Ukkonen's Algorithm

Ukkonen’s algorithm is used for constructing a suffix tree for a given string in linear time. Traditional algorithms for building suffix trees usually require quadratic time, but Ukkonen optimized this to O(n) time, where n is the length of the string. The algorithm builds the tree incrementally, adding one character at a time from the input string. This leads to significant computational savings.

Let’s implement Ukkonen’s algorithm for constructing a suffix tree in Java, C++, and Python. Note that this code is simplified and intended for educational purposes.


Java

 1
 2
 3
 4
 5
 6
 7
 8
 9
10
11
12
13
14
15
16
17
18
19
20
21
22
23
24
25
26
27
28
import java.util.HashMap;

class Node {
    HashMap<Character, Edge> edges = new HashMap<>();
}

class Edge {
    int start, end;
    Node nextNode;
}

public class UkkonenAlgorithm {
    public static void main(String[] args) {
        String str = "abcab$";
        Node root = new Node();
        Node activeNode = root;

        for (int i = 0; i < str.length(); i++) {
            char ch = str.charAt(i);
            Edge edge = new Edge();
            edge.start = i;
            edge.end = i + 1;
            edge.nextNode = new Node();
            activeNode.edges.put(ch, edge);
            activeNode = edge.nextNode;
        }
    }
}

C++

 1
 2
 3
 4
 5
 6
 7
 8
 9
10
11
12
13
14
15
16
17
18
19
20
21
22
23
24
25
26
27
28
29
#include <iostream>
#include <unordered_map>
using namespace std;

struct Node {
    unordered_map<char, struct Edge> edges;
};

struct Edge {
    int start, end;
    Node* nextNode;
};

int main() {
    string str = "abcab$";
    Node* root = new Node;
    Node* activeNode = root;

    for (int i = 0; i < str.size(); i++) {
        char ch = str[i];
        Edge edge;
        edge.start = i;
        edge.end = i + 1;
        edge.nextNode = new Node;
        activeNode->edges[ch] = edge;
        activeNode = edge.nextNode;
    }
    return 0;
}

Python

 1
 2
 3
 4
 5
 6
 7
 8
 9
10
11
12
13
14
15
16
17
18
19
20
class Node:
    def __init__(self):
        self.edges = {}

class Edge:
    def __init__(self, start, end):
        self.start = start
        self.end = end
        self.nextNode = Node()

if __name__ == '__main__':
    str_ = "abcab$"
    root = Node()
    activeNode = root

    for i in range(len(str_)):
        ch = str_[i]
        edge = Edge(i, i + 1)
        activeNode.edges[ch] = edge
        activeNode = edge.nextNode

This is a simplified example, meant for educational purposes. In a real-world application, Ukkonen’s algorithm is more complex, especially when dealing with edge splits and suffix links.


Explanation:

  • Initial Setup: Start by initializing the root node. Each node will have edges leading to other nodes or leaf nodes. These edges are associated with substrings of the input string.
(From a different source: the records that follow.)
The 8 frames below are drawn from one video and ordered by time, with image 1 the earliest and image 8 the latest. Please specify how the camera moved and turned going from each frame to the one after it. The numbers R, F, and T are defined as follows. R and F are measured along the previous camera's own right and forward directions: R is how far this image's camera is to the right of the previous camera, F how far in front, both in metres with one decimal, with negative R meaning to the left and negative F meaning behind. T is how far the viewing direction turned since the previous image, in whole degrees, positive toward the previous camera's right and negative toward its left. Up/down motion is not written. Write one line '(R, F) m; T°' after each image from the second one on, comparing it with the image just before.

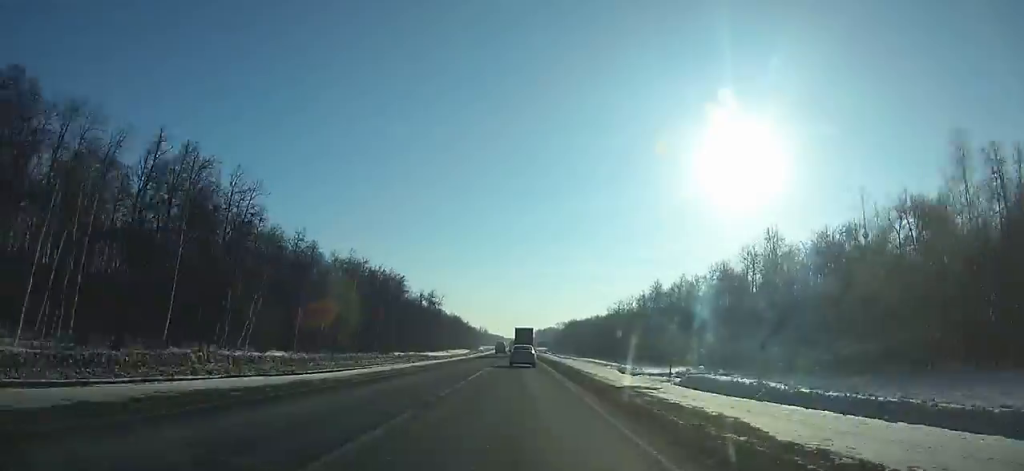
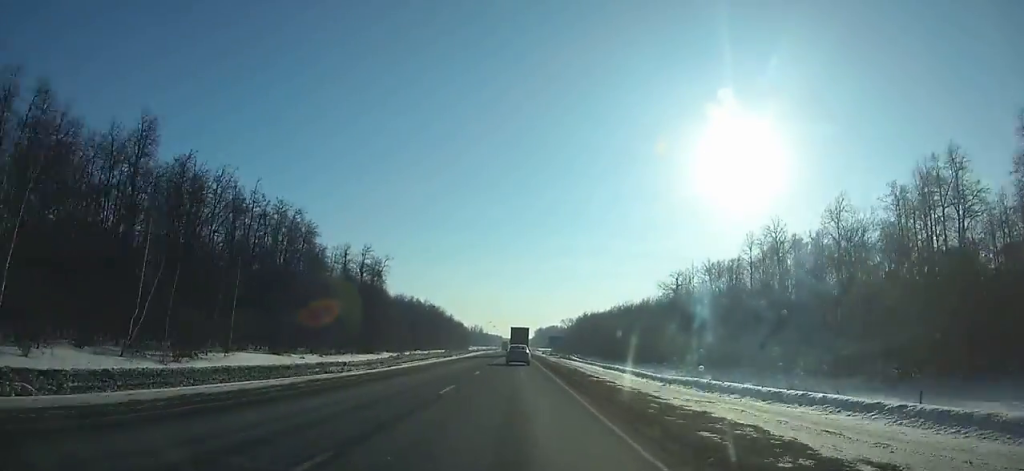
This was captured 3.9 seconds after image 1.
(+0.1, +77.4) m; 0°
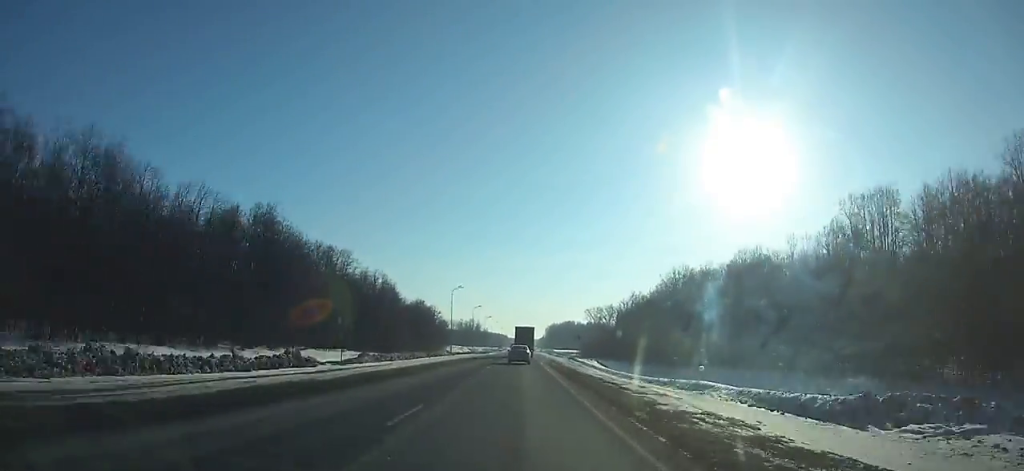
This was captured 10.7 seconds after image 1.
(-1.3, +137.1) m; -1°
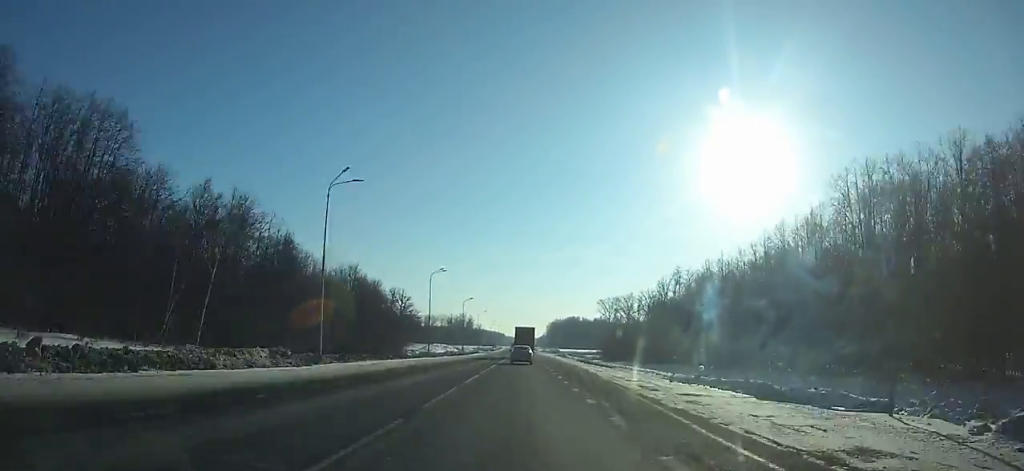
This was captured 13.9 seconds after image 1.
(+0.2, +65.7) m; 0°
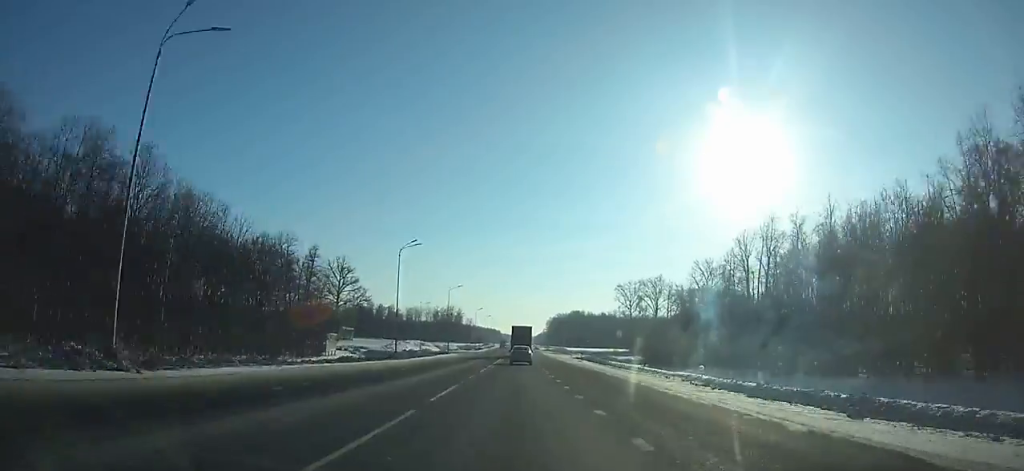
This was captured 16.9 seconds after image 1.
(+0.1, +62.1) m; 0°
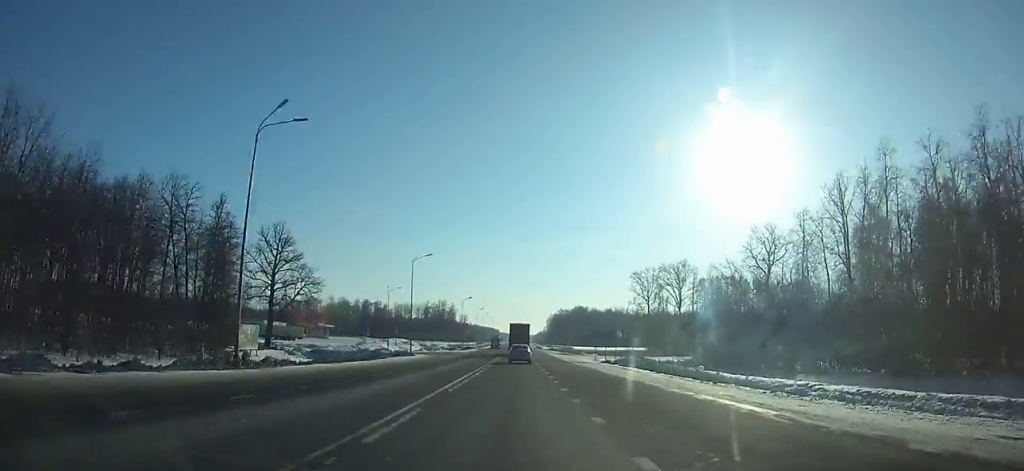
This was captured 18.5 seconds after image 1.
(0.0, +33.2) m; 0°
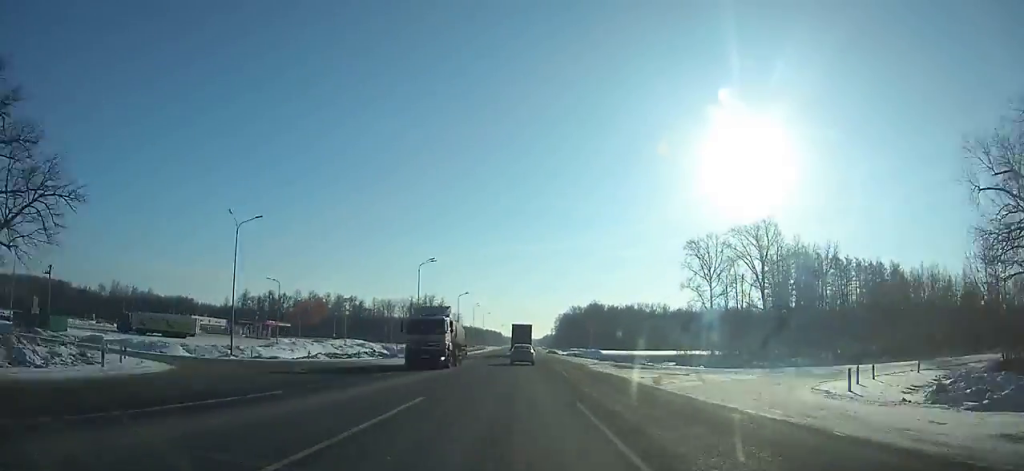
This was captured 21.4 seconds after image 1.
(-0.1, +60.2) m; 0°
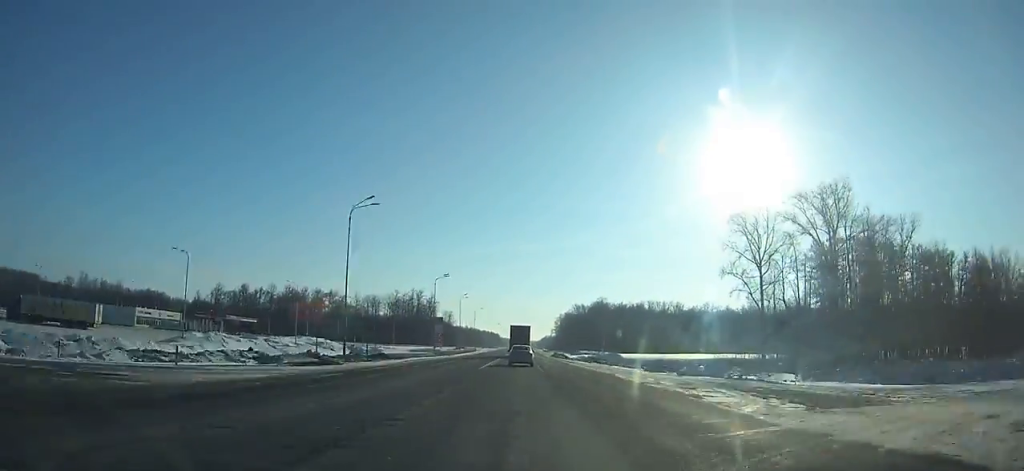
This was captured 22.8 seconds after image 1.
(0.0, +29.1) m; 0°

  • Active Point: Keep track of the active point, which consists of the active node, active edge, and active length. This helps in determining where the next insert should happen.

  • Extension: For each character in the string, extend the tree by one. This could mean extending a leaf edge by one character or adding a new leaf edge.
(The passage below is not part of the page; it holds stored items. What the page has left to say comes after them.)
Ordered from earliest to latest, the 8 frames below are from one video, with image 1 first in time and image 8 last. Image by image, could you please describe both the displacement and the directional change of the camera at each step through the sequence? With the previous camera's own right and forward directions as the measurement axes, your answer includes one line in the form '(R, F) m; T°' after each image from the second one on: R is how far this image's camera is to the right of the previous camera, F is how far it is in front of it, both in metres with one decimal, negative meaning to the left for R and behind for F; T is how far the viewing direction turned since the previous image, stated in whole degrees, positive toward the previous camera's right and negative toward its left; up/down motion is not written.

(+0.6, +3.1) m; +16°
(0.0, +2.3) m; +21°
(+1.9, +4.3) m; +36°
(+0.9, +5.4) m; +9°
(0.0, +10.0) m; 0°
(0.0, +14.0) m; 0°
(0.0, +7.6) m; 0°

  • Splitting: If necessary, split a node. This involves creating a new internal node and adjusting the existing edges.

  • Suffix Link: Keep track of suffix links for quicker insertion of new characters.


How Changes Affect the Algorithm:

  • String Length: The longer the string, the more nodes and edges the algorithm will need to create. However, the algorithm will still run in linear time.

  • Alphabet Size: The larger the alphabet, the more edges will emanate from each node, increasing the space complexity but not affecting the time complexity.

Sample Use Case:

If the input string is “abcab”, the algorithm will first add ‘a’, then ‘b’, then ‘c’, then another ‘a’ and finally another ‘b’, each time updating the tree structure efficiently.

This algorithm is widely used in string matching, data compression, and bioinformatics for efficiently storing and querying large sequences.